The entire space rests on the metrics generated at the whim of perhaps a hundred or two extremely (crypto-)influential individuals who are all affiliated with one another and whose incentives and behaviors are highly correlated even when that affiliation is weak or antagonistic. I'm referring here to the large established miners, both public and dark (i.e. bot farm based, corrupting gov. officials, etc.) As well as the pools that they pretend not to control, and to a lesser extent the operators of the larger exchanges - although they are not nearly as free to move in recent years as the miners still are. It's no accident in miners are extremely publicity shy.

This group, which behaves like a cartel so it's reasonable to think about it as one, self-generates nearly every metric used to determine the size and depth of the entire industry.

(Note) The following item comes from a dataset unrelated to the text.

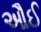
ઔઈ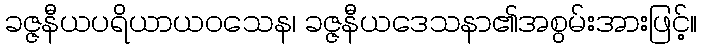
ခဇ္ဇနီယပရိယာယဝသေန၊ ခဇ္ဇနီယဒေသနာ၏အစွမ်းအားဖြင့်။

The fees and other costs to create fraudulent statistics would be impossible for anyone who is not a miner to swallow, but if you're mining at scale there is an enormous discount - because an inverse scale fraction of those fees are paid to yourselves.

Transaction volume, price, number of nodes, number of accounts, velocity of funds, everything that is used to construct a picture of the real human interest in this market via the lens of virtual numbers that describe it is completely under the control of a few people. Although some of them are more regulated today than they were in the past, for a good part of a decade there was effectively no oversight into how any of these operations worked, and they were free to openly front run the market, buy electricity at substantially corruption-reduced cost or just outright steal it- and again in the early days this paid off extraordinarily well because early large block rewards could be sat on and held until they bubble-appreciate several thousand of percent above acquisition cost.

when you're paying reduced (or nearly zero) cost for your production infrastructure you don't need to sell all of your product right away, and you thereby accumulate a future war chest to create a market 'bottom' anytime liquidity gets a little bit too loose for your liking: simply slow-roll selling new block rewards and voila, price stabilizes. Your carefully managed low public profile lets the media and public fill in their own self-serving explanation, which is that the public must be crazy about this stuff it cant stop buying it.